▶ **Records from a data source**

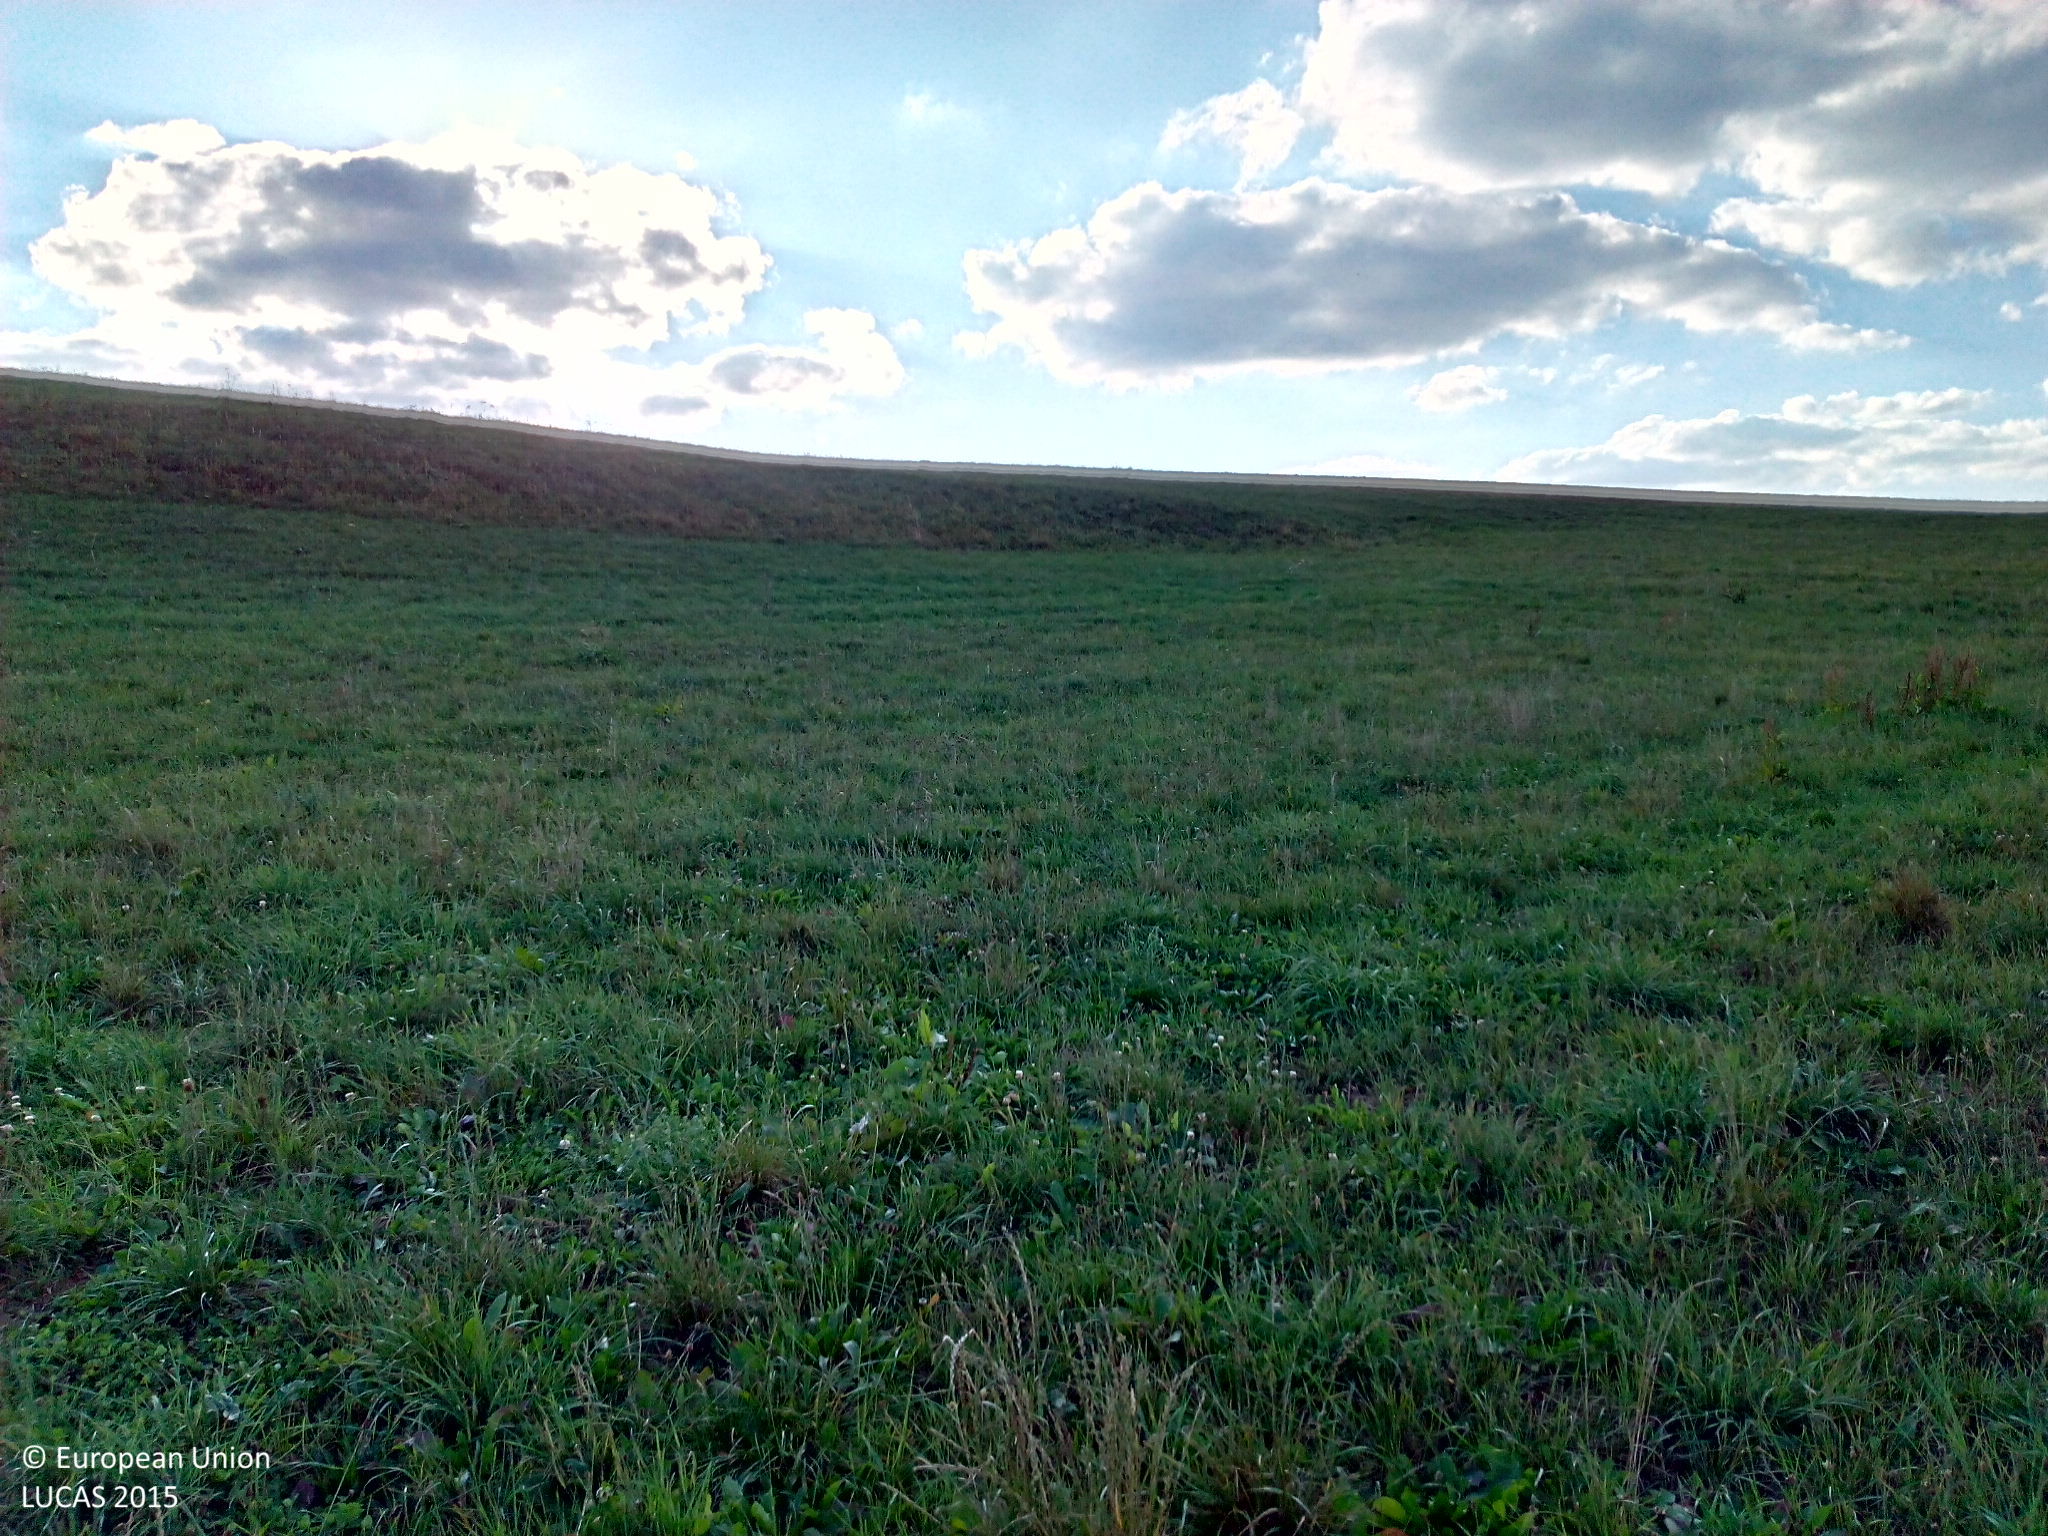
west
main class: Grassland
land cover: Grassland without tree/shrub cover
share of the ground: > 75 %
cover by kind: herbaceous plants 90 %, unconsolidated bare surface 10 %
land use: Agriculture (excluding fallow land and kitchen gardens)
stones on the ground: < 10 %
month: September
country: DE
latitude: 48.1242
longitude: 8.5633
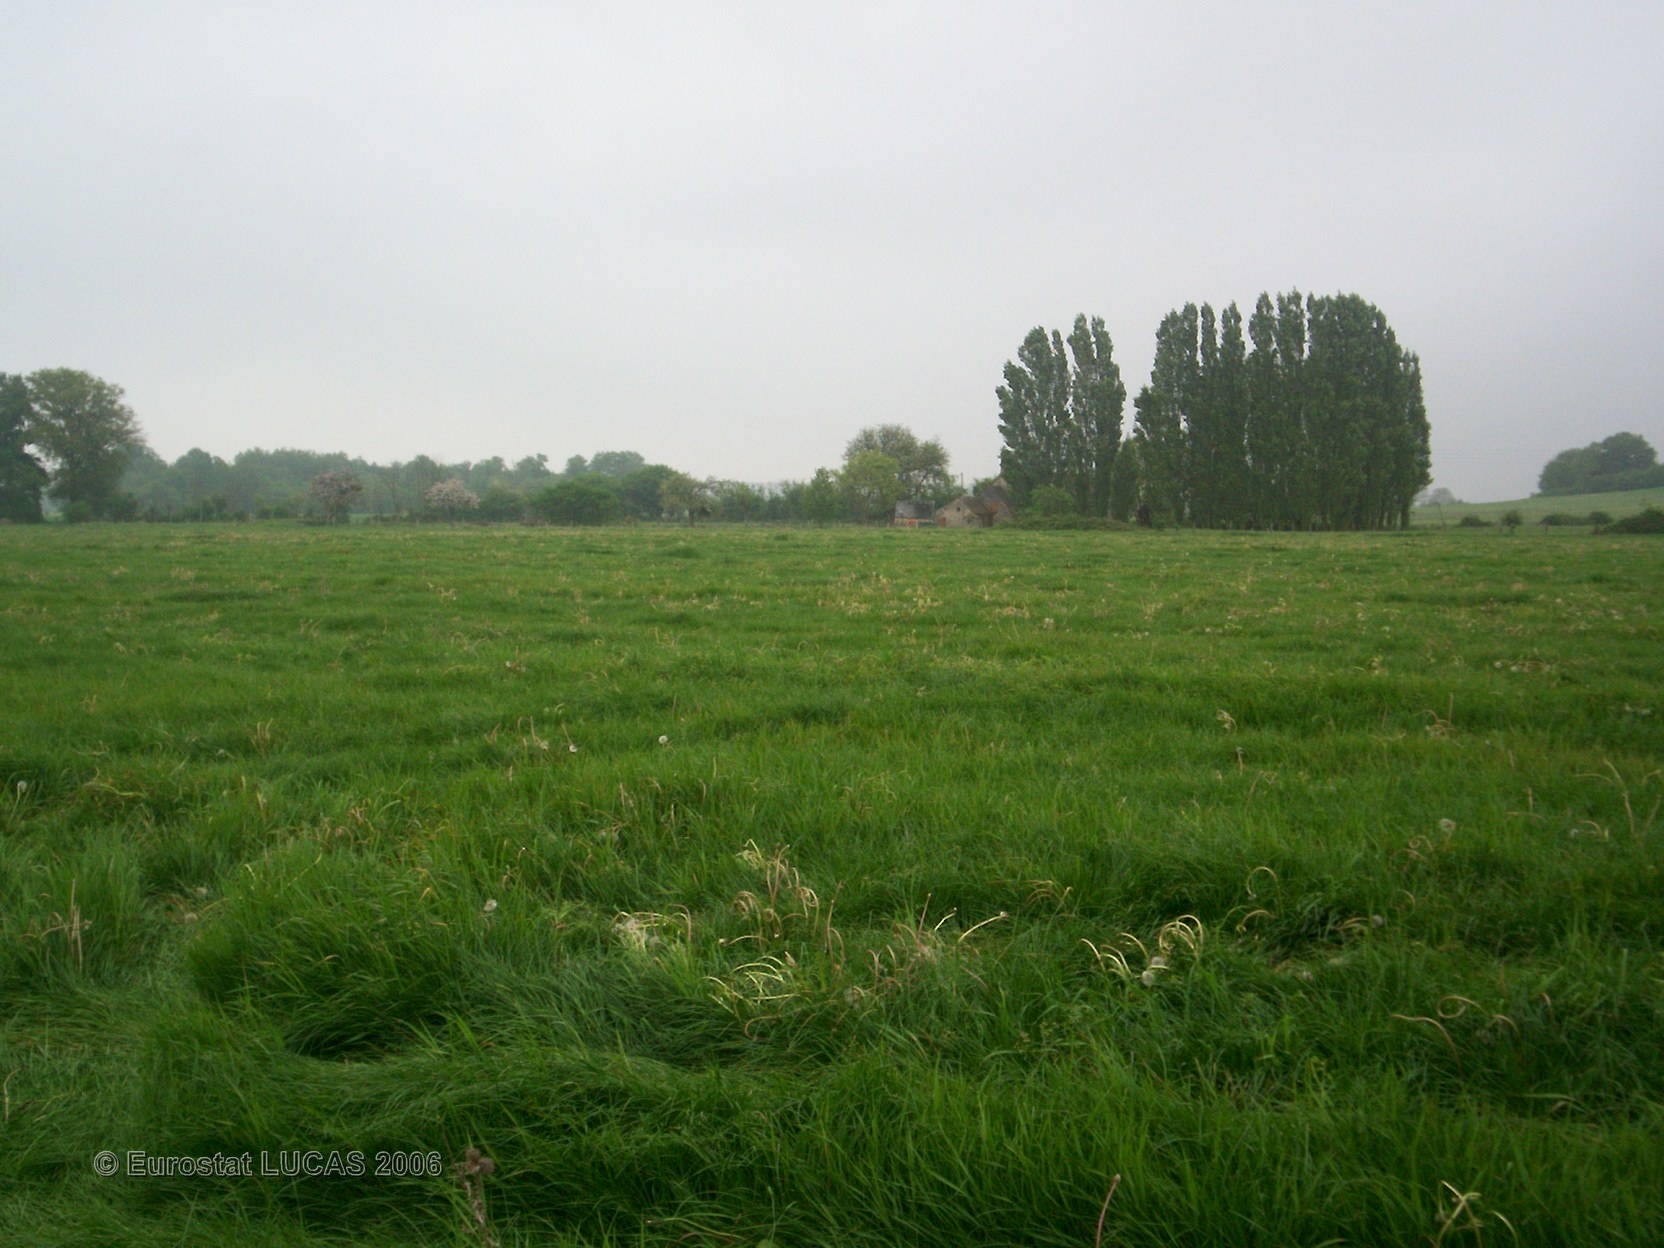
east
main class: Grassland
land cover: Grassland without tree/shrub cover
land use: Agriculture (excluding fallow land and kitchen gardens)
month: May
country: FR
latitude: 47.9489
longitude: 0.4026
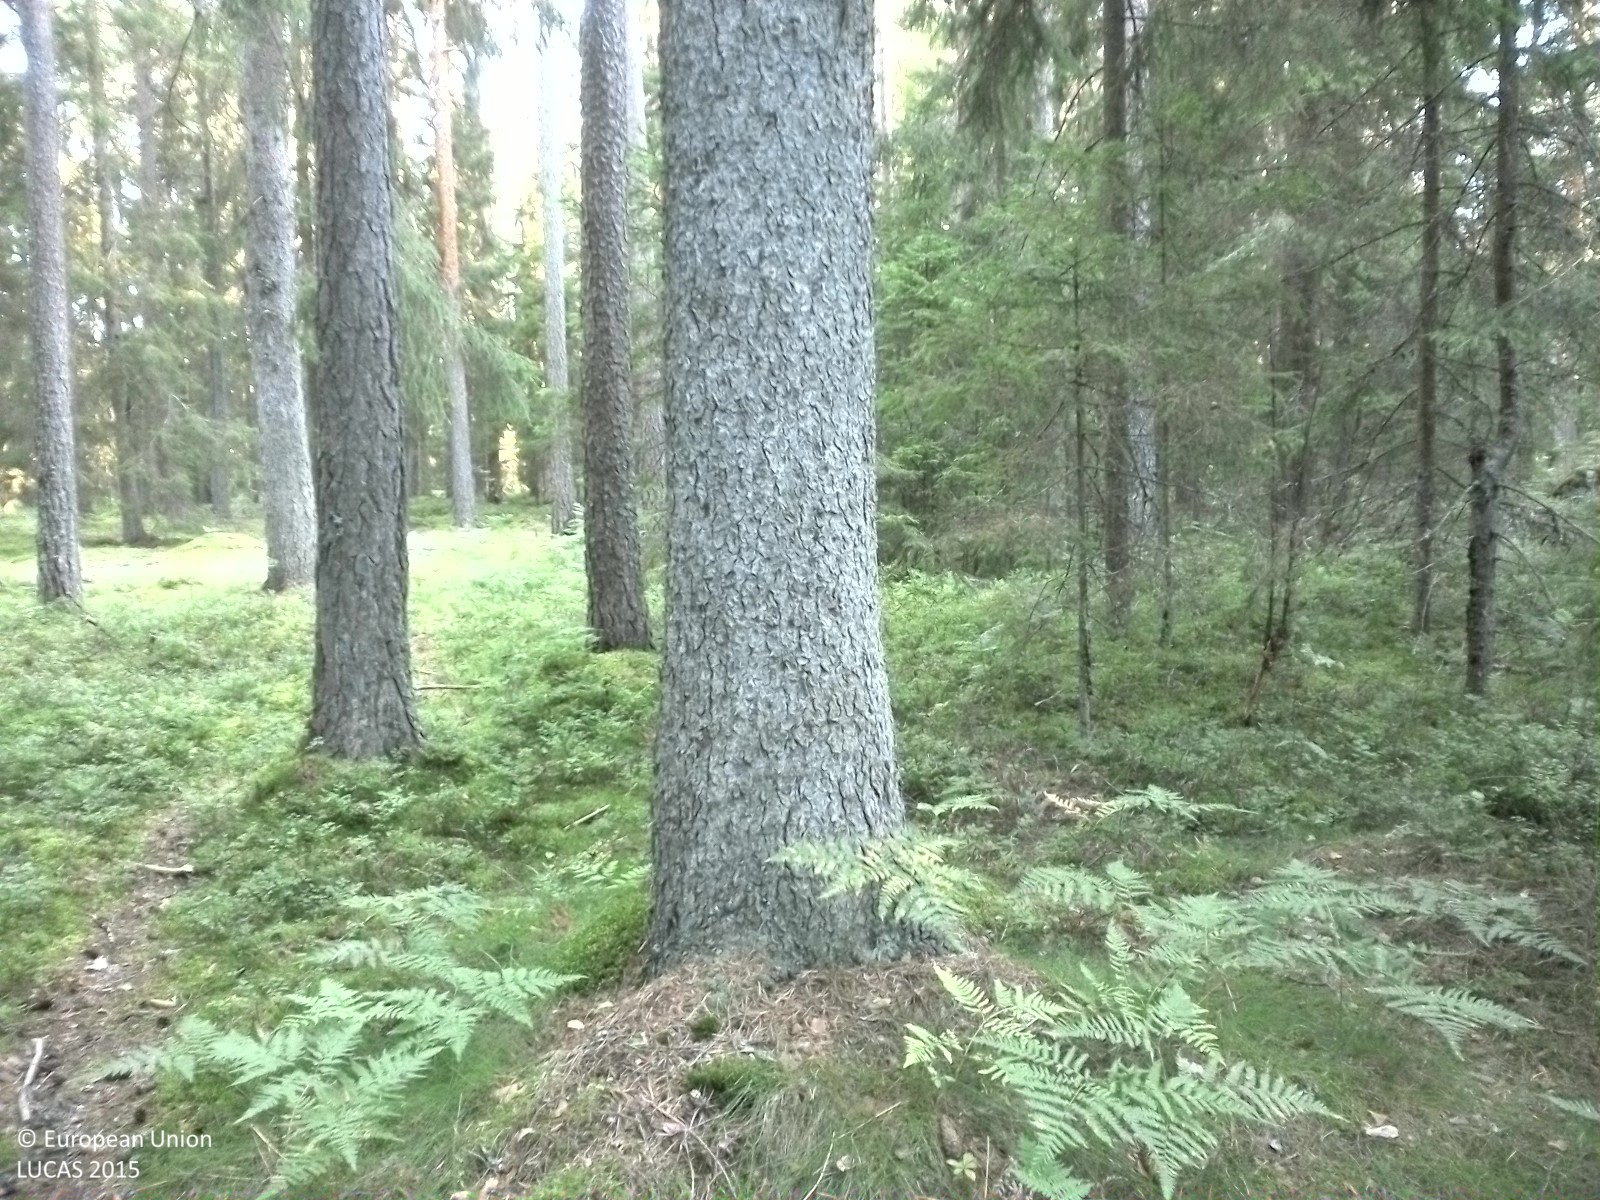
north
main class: Woodland
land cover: Other coniferous woodland
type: boreal forest
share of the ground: 25 - 50 %
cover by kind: coniferous forest trees 40 %, herbaceous plants 35 %, lichens and mosses 25 %
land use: Forestry
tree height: > 5 m
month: August
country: SE
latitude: 59.3306
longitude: 15.1061

▶ **What needs to be done**
Which lines hold the string "ground"? Copy all of them from the data above.

▶ **Task solution**
share of the ground: > 75 %
stones on the ground: < 10 %
share of the ground: 25 - 50 %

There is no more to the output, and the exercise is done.